Boatyard resumes work

The holidays were celebrated early in Freeland on Monday as 54 employees of Nichols Brothers Boat Builders returned to work.

“It’s nice to hear the noise of the shipyard again,” said Bryan Nichols, company president. “We’ve had tremendous support from our employees, there were big hugs all around.”

The company laid off 185 employees Nov. 2 in a move that shocked the Whidbey Island business community. Shortly thereafter, the company filed for bankruptcy protection, a move necessitated by a big lawsuit filed by a disgruntled customer.

While the bankruptcy issues are far from settled, Nichols Brothers was allowed to negotiate with individual boat owners to see that their projects, shut down on Nov. 2, could be completed.

Those boat owners are now paying the workers’ salaries, as Nichols Brothers as a company is broke and is up for sale. “The company owners are footing the bill for the whole thing,” Nichols said.

The rehiring process will continue as more existing contracts are placed online though negotiations with individual companies. The 54 workers brought back Monday are working on two tugboats and one catamaran already started, and another catamaran that’s ready to start.

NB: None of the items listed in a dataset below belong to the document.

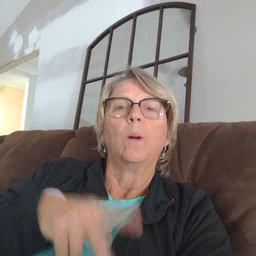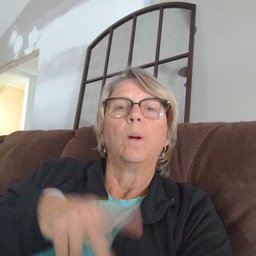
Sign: clown
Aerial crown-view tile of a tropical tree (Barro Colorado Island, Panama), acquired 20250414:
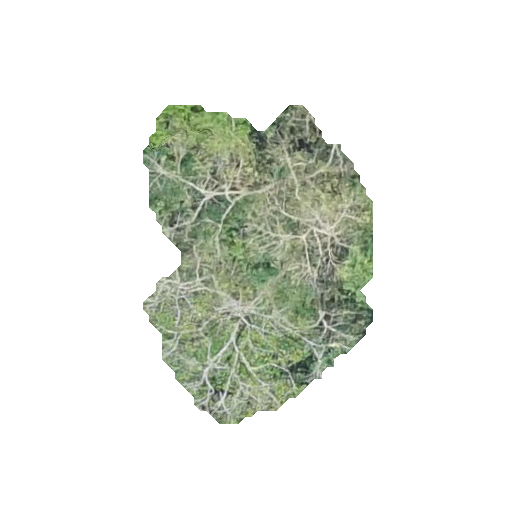
Species: Quararibea stenophylla
GBIF accepted scientific name: Quararibea stenophylla
Crown area: 82.516 m²
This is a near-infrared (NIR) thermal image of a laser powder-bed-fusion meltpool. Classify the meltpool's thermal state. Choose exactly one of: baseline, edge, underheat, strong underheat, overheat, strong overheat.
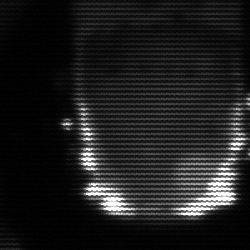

Nichols said a repair job is likely to arrive this week, and more jobs are expected in the next few weeks. “We’ll slowly ramp up, we’ll have another 45 workers in a few weeks,” Nichols said. “Between the projects we’ll get a good chunk of our workforce back.”

Representatives from the prospective boat yard purchaser, Ice Floe, based in Alaska, are scurrying around the facility on Holmes Harbor this week. “They’ve got people looking over everything now,” Nichols said. Ice Floe is owned by the Usibelli coal mining family, which has worked with Nichols Brothers for years. While they’re the likely purchasers and already put up some money to keep the boatyard afloat, Nichols said offers are also being solicited from other prospective buyers.

The plan is for the Usibellis to purchase all the company assets, leaving the burden of the pending lawsuit by Hornbeck Offshore Services on the Nichols family. “That’s what pushed us over the edge,” Bryan Nichols said. He and his father, company CEO Matt Nichols, will continue to fight the lawsuit.

The asset purchase, if approved by the bankruptcy court, would not immediately include the land that the boatyard sits on in Freeland, or the property in Langley where boats are outfitted and christened, but “it may in the end be sold to the new owners,” Nichols said.

Nichols is optimistic that the purchase by Ice Floe will be approved, that more workers will be rehired, and that Ice Floe will pursue new contracts with Washington State Ferries and others.

“I don’t know the complete path to the end,” he said. “But we hit rock bottom. We’re through that and out the other side.”